Toxic effects of mercury on PSI and PSII activities, membrane potential and transthylakoid proton gradient in Microsorium pteropus

• Responses of PSI and PSII of M. pteropus to Hg were simultaneously analyzed.
• Y(I), ETR(I), PSII and ETR(II) decreased with increasing Hg concentration.
• Damage to PSII by Hg was due to failure of dissipation of the excessive excitation energy.
• Δψ and ΔpH of M. pteropus significantly decreased at high levels of Hg.
• Formation of zeaxanthin and H+ efflux from the lumen to the stroma were inhibited.

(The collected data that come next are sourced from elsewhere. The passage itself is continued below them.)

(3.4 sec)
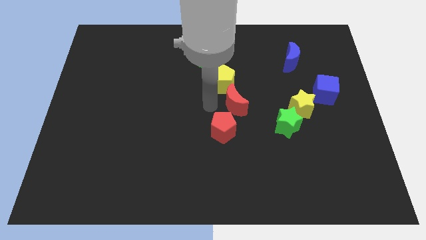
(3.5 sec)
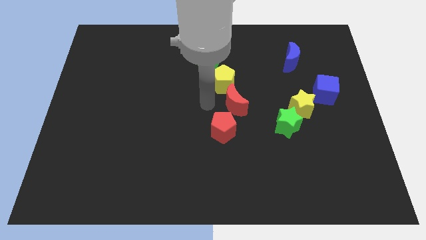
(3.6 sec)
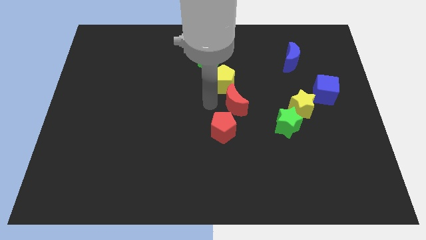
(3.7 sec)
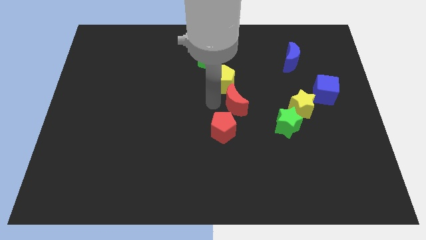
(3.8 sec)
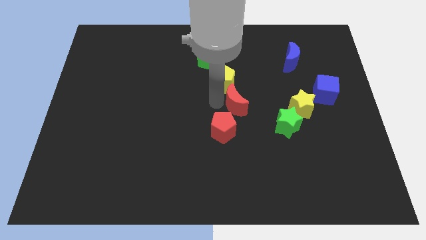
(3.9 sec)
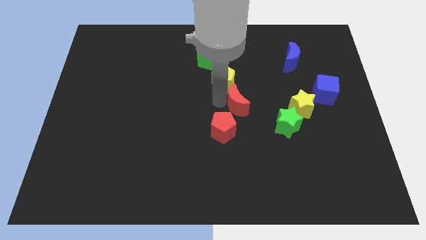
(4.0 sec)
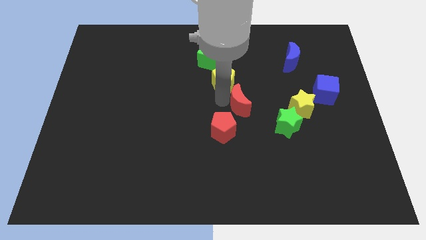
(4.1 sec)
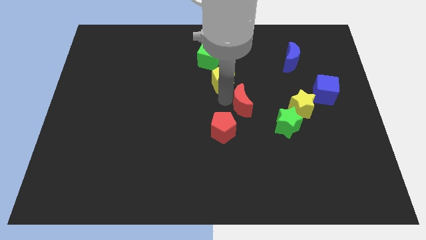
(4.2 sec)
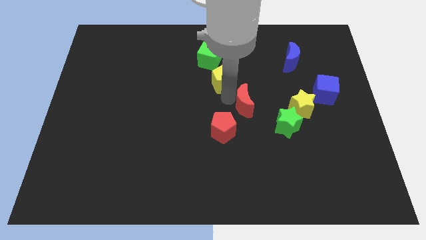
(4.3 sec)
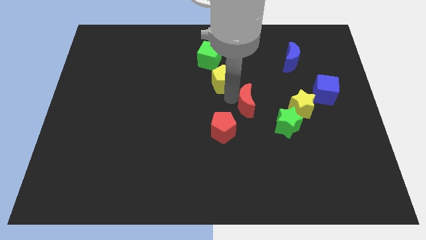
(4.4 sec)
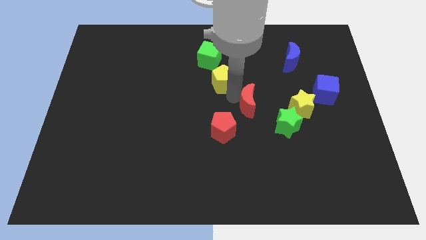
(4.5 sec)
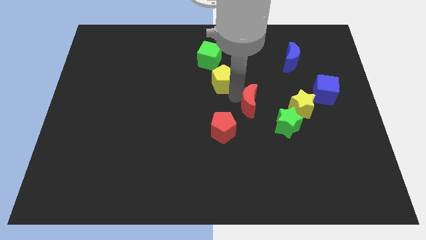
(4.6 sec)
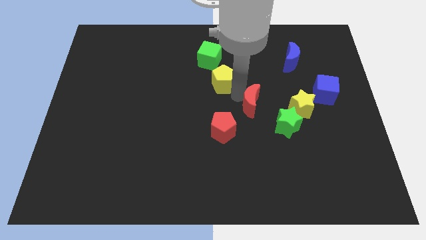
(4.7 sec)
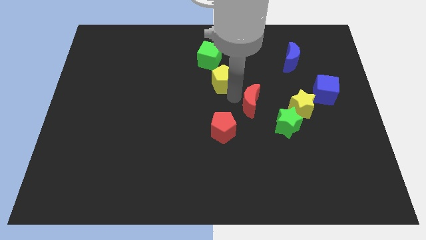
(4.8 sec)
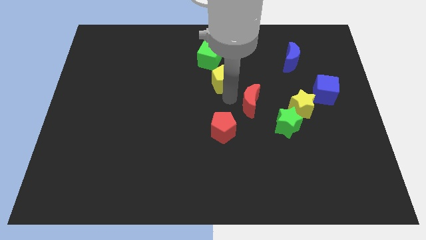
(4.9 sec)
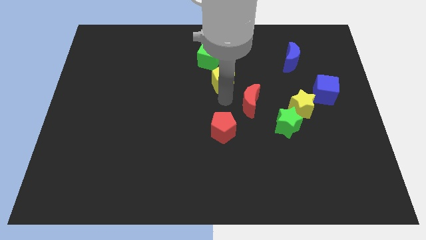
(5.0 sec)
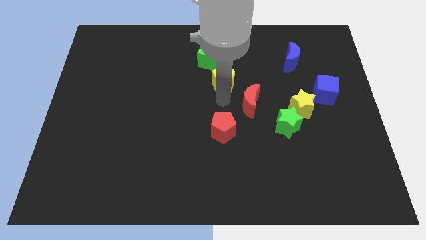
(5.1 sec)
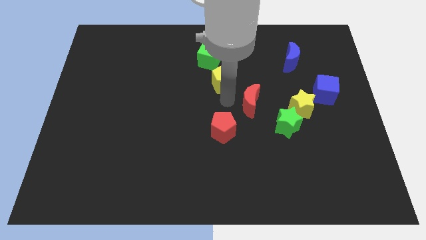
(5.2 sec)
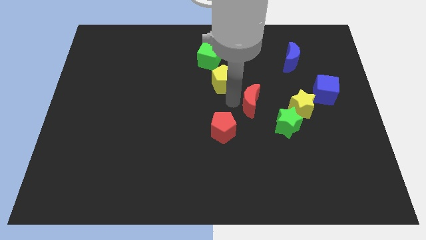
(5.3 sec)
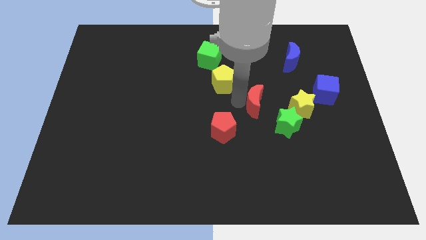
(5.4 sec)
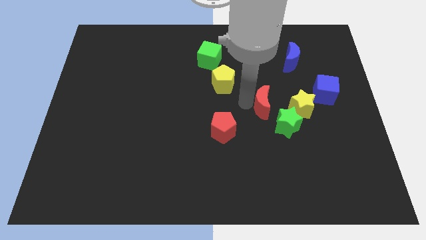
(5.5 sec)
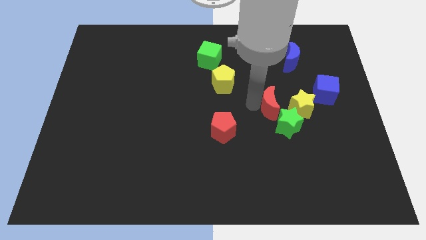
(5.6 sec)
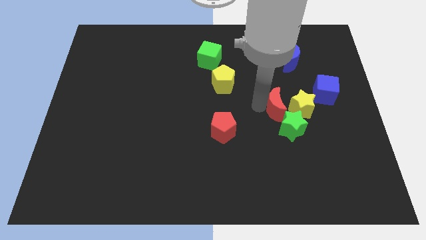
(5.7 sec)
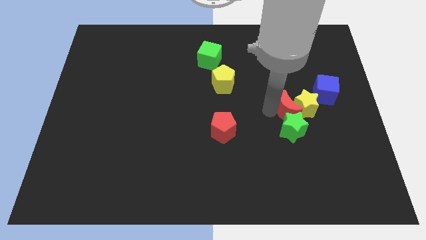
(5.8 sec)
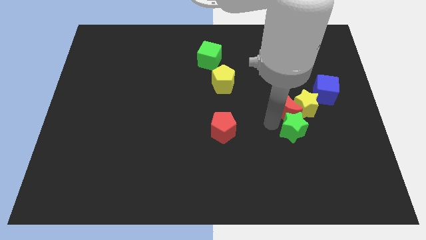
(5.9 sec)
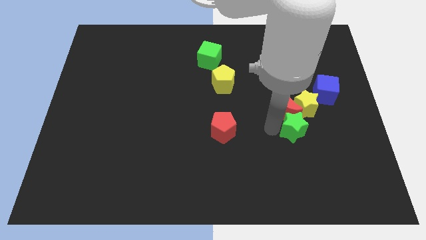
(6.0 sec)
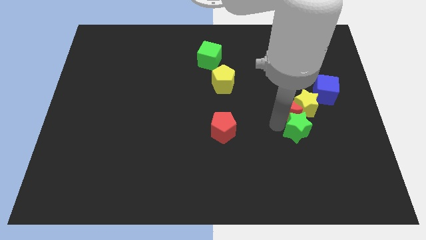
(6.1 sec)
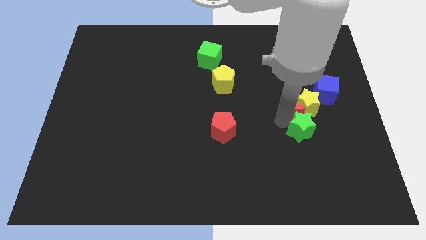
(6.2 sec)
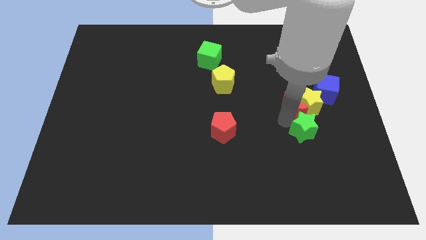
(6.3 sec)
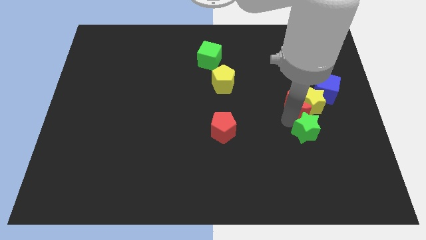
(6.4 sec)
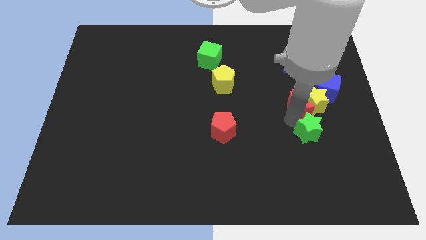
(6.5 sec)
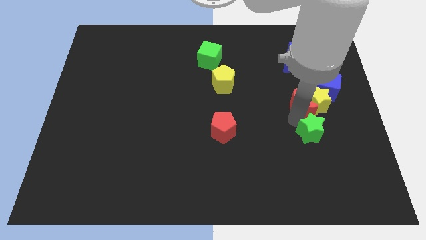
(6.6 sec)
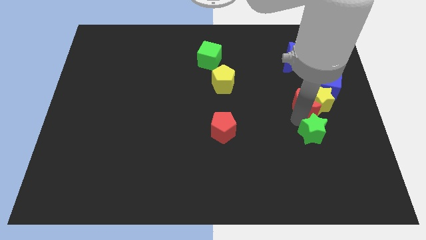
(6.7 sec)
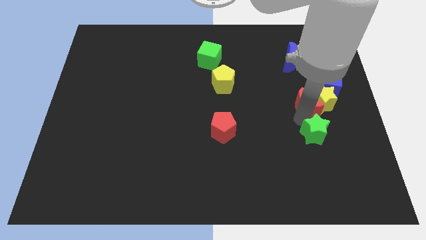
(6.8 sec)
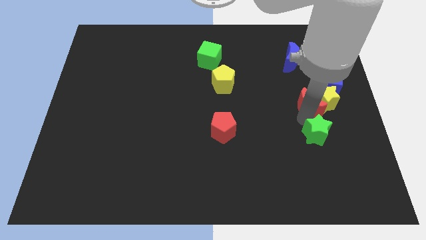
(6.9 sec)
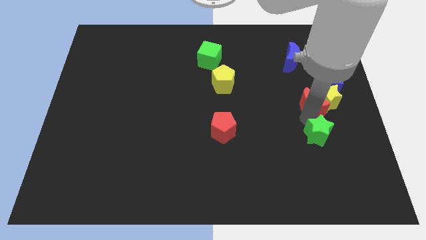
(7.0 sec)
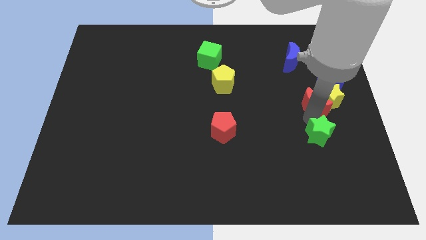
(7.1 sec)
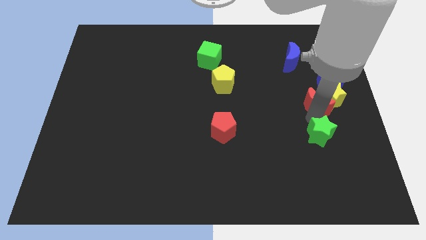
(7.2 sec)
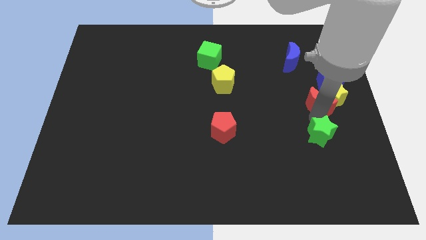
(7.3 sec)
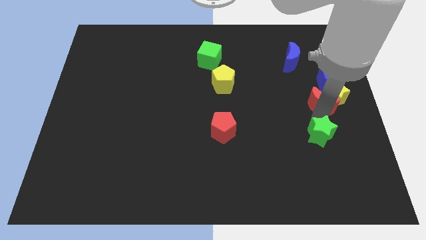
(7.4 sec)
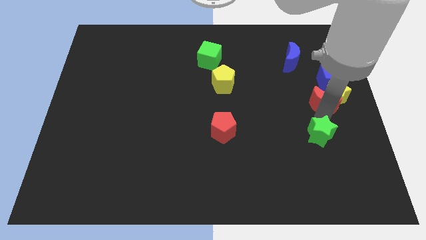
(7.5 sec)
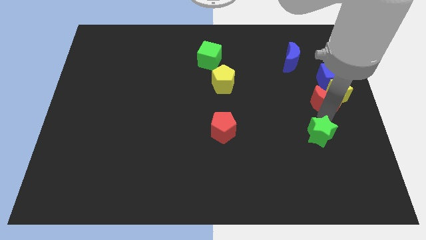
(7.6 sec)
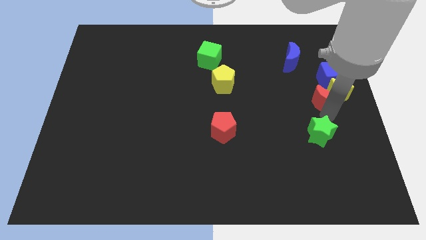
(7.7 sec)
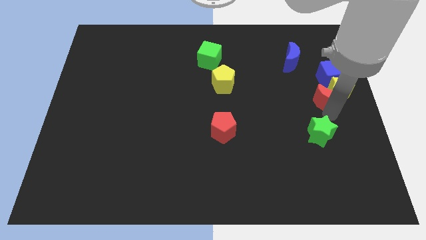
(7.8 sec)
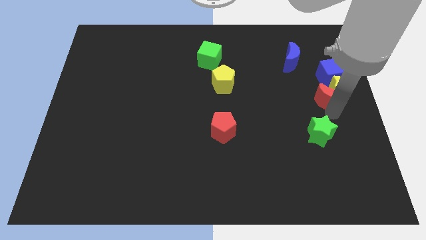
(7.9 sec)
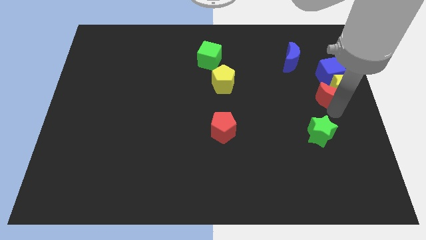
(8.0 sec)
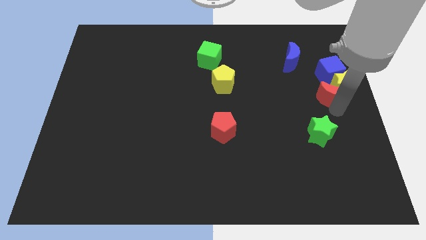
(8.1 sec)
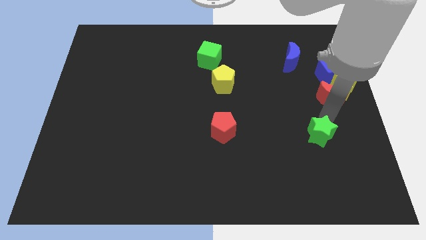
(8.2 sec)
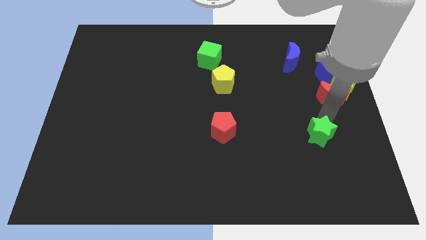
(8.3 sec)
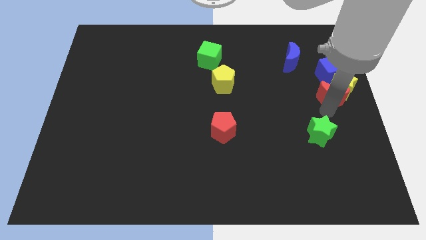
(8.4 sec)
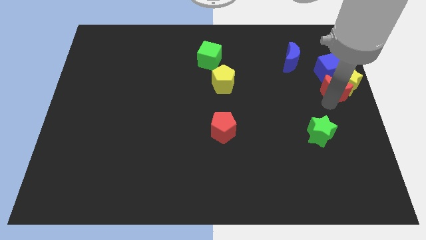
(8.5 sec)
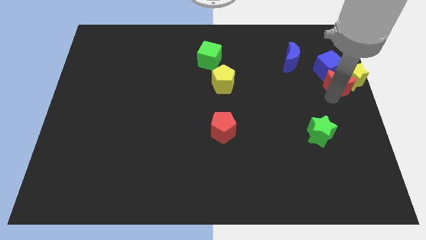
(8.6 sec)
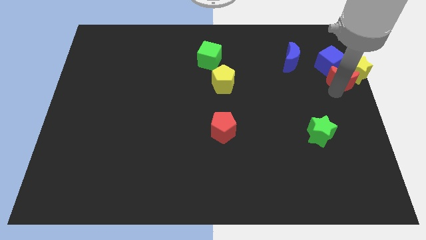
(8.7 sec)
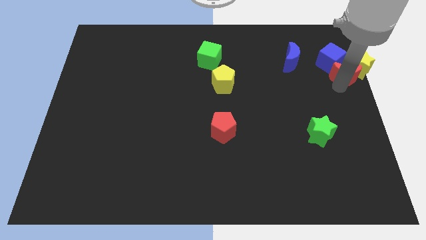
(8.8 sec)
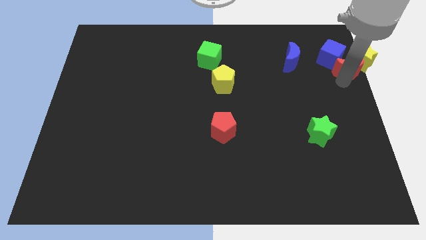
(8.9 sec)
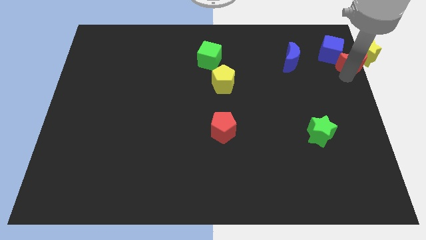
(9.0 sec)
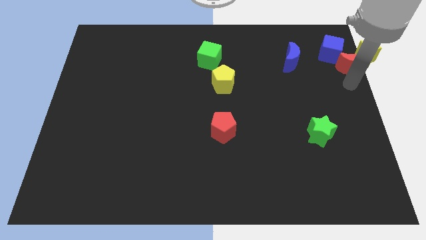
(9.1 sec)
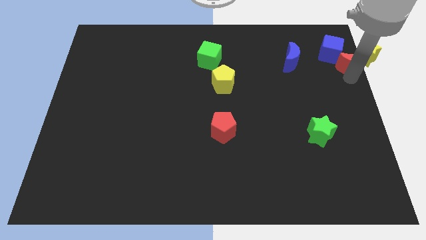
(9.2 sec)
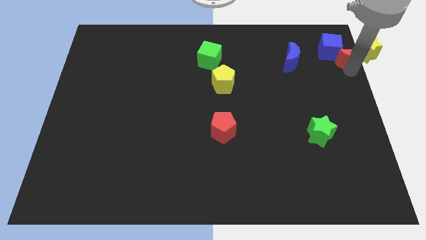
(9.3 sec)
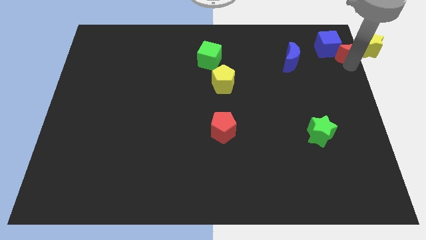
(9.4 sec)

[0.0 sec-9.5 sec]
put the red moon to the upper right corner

Mercury (Hg) is one of the top toxic metals in environment and it poses a great risk to organisms. This study aimed to elucidate the toxic effects of Hg2+ on energy conversion of photosystem I (PSI) and photosystem II (PSII), membrane potential and proton gradient of Microsorium pteropus (an aquatic plant species). Contents of chlorophyll a, chlorophyll b and carotenoids, quantum yield and electron transfer of PSI and PSII of M. pteropus exposed to various concentrations of Hg2+ were measured. With increasing Hg2+ concentration, quantum yield and electron transport of PSI [Y(I) and ETR(I)] and PSII [Y(II) and ETR(II)] decreased whereas limitation of donor side of PSI [Y(ND)] increased. At ⩾165 μg L−1 Hg2+, quantum yield of non-light-induced non-photochemical fluorescence quenching in PSII [Y(NO)] significantly increased but quantum yield of light-induced non-photochemical fluorescence quenching [Y(NPQ)] decreased. Membrane potential (Δψ) and proton gradient (ΔpH) of M. pteropus were reduced significantly at 330 μg L−1 Hg2+ compared to control. Mercury exposure affected multiple sites in PSII and PSI of M. pteropus.